==== DATA RECORDS ====

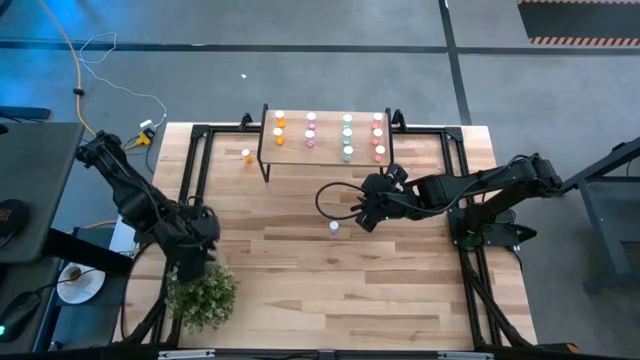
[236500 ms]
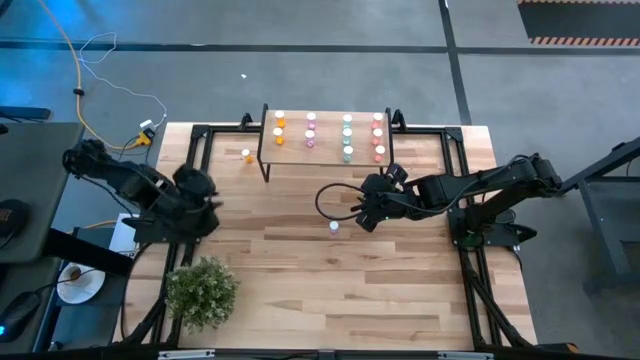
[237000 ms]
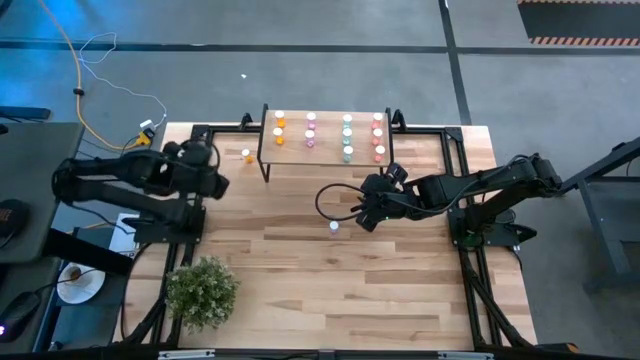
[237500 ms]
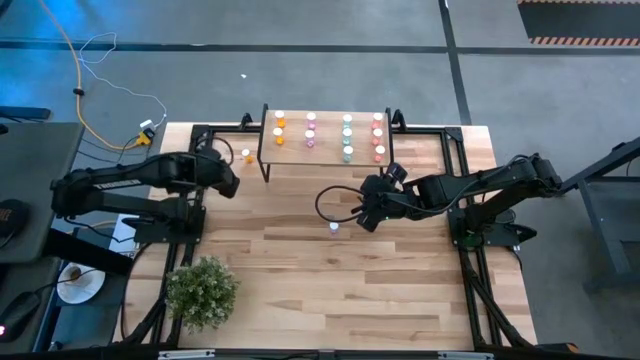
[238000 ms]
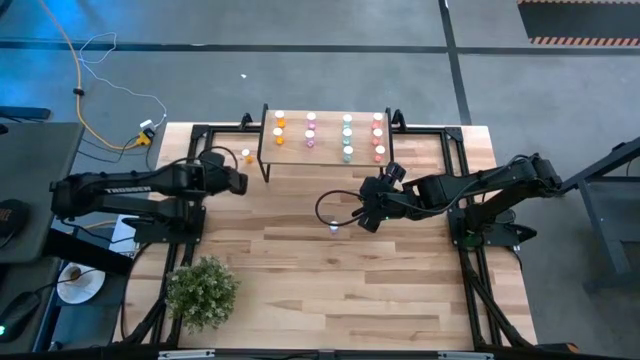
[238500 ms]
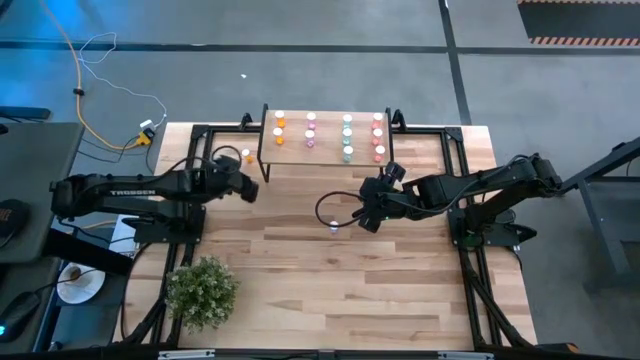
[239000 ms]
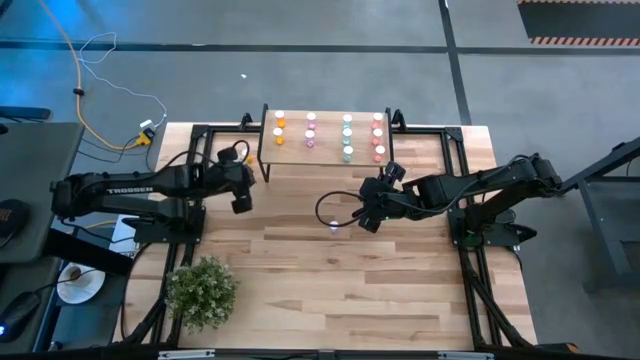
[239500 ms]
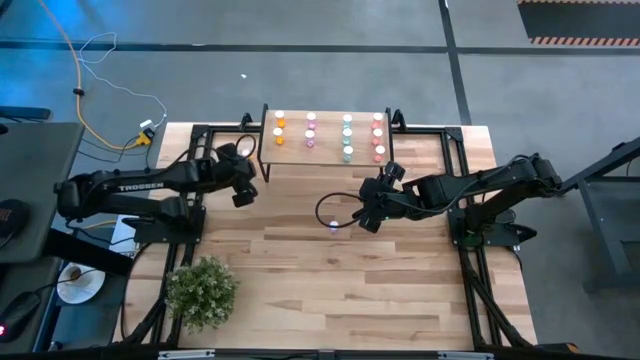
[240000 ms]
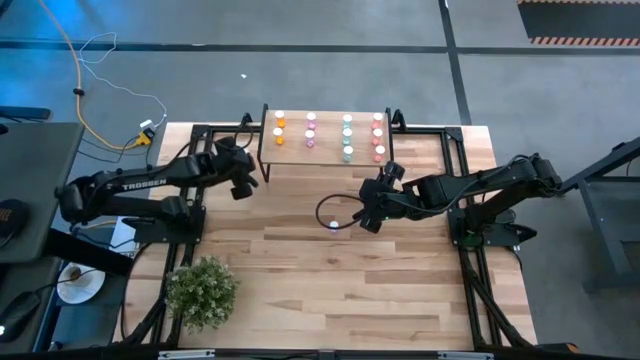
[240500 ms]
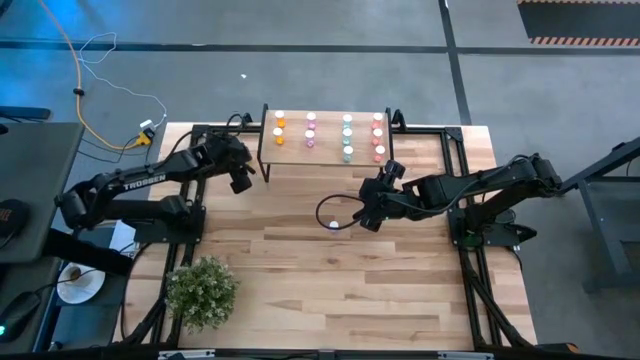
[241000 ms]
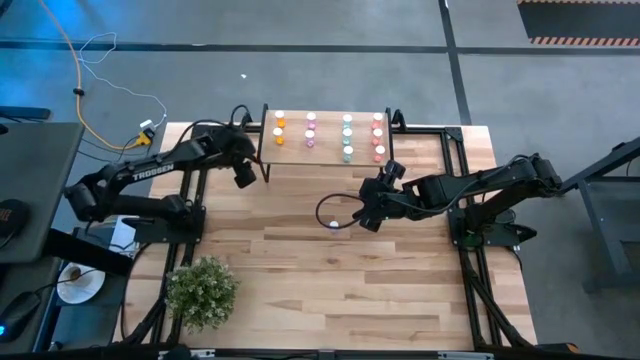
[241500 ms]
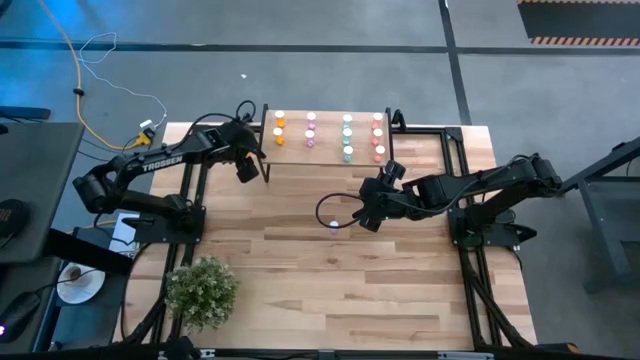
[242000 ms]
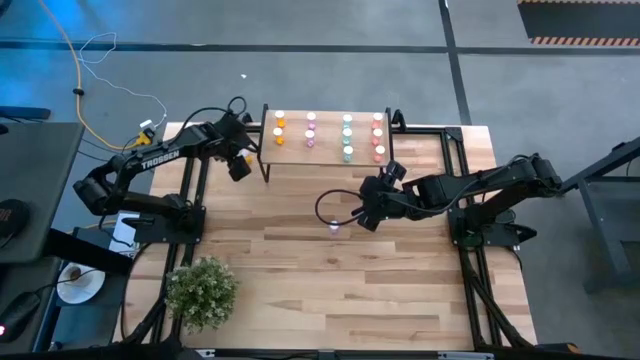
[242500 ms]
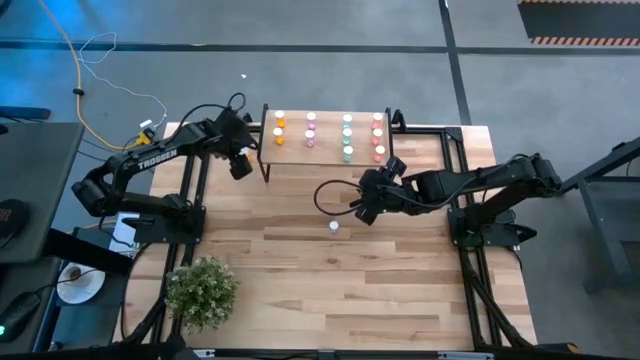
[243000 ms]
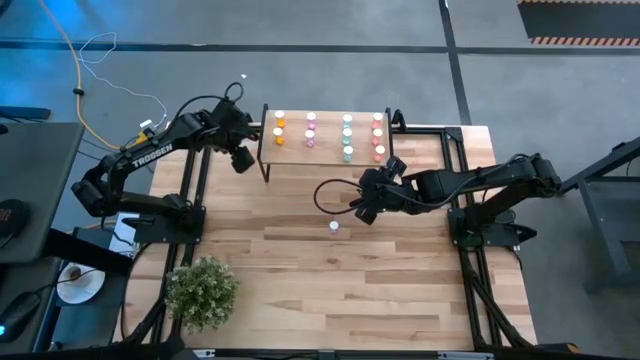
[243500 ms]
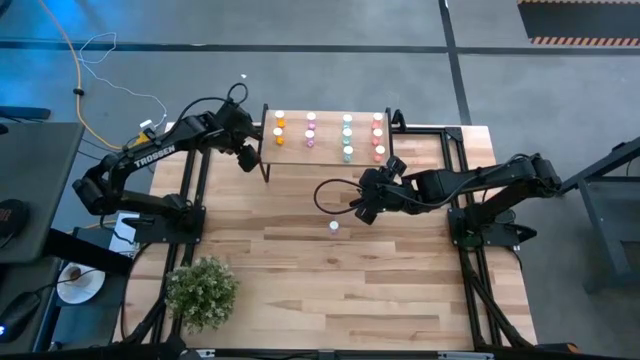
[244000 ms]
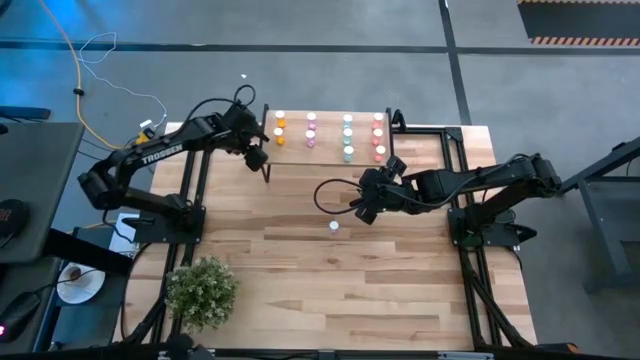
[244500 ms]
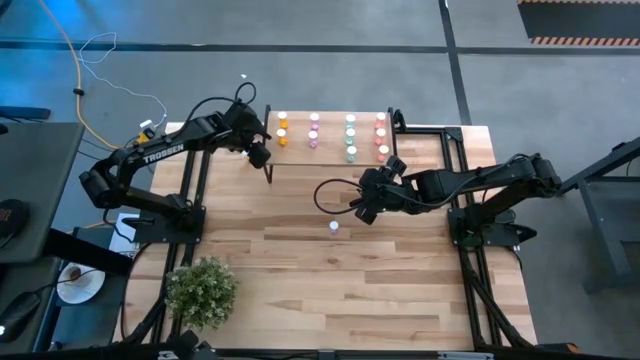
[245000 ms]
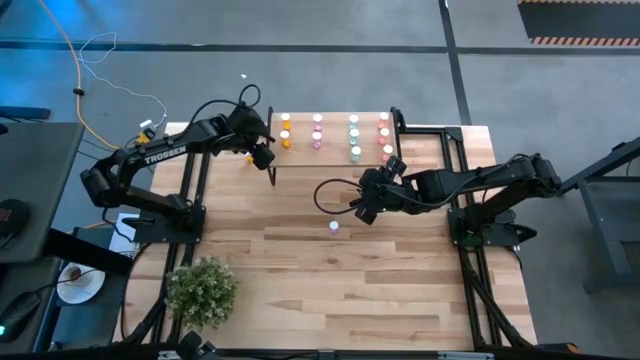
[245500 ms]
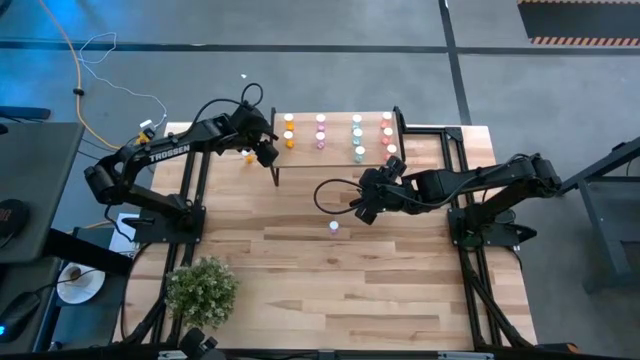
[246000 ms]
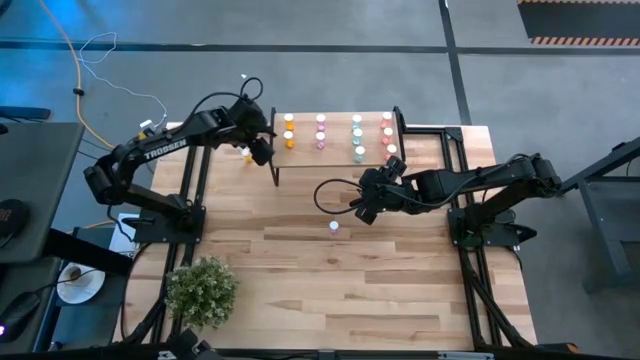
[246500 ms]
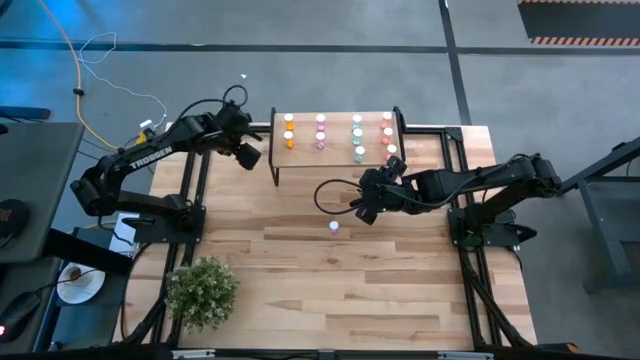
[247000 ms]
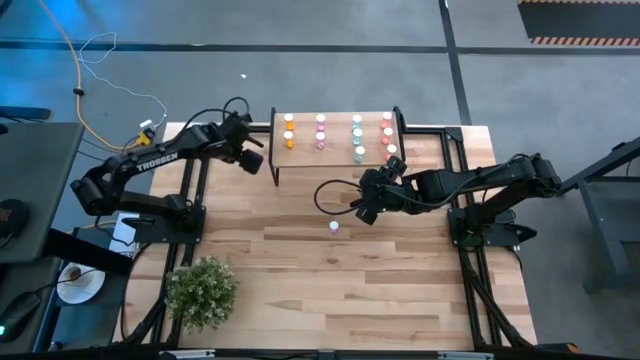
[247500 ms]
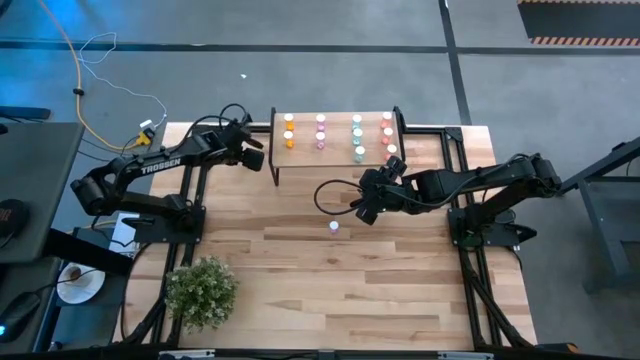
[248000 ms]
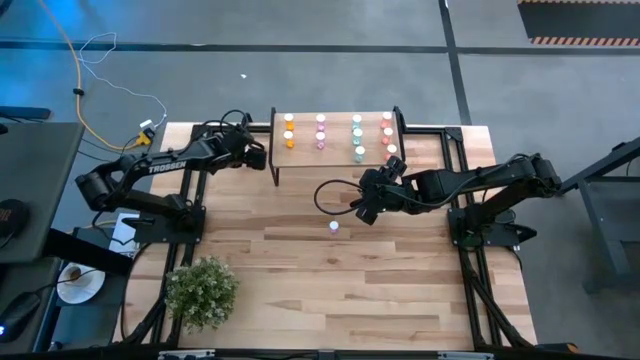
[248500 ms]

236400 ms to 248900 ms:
Task: Pick and place medicine bottles onto shelf by color
Put the orange pill bottle on the shelf aligned with the other orange pill bottles

====

### PROBLEM DETAILS
Reproduce the whole of the data, word for word, and omit its pictures.

### ANSWER TO THIS EXERCISE
[236500 ms]
[237000 ms]
[237500 ms]
[238000 ms]
[238500 ms]
[239000 ms]
[239500 ms]
[240000 ms]
[240500 ms]
[241000 ms]
[241500 ms]
[242000 ms]
[242500 ms]
[243000 ms]
[243500 ms]
[244000 ms]
[244500 ms]
[245000 ms]
[245500 ms]
[246000 ms]
[246500 ms]
[247000 ms]
[247500 ms]
[248000 ms]
[248500 ms]

236400 ms to 248900 ms:
Task: Pick and place medicine bottles onto shelf by color
Put the orange pill bottle on the shelf aligned with the other orange pill bottles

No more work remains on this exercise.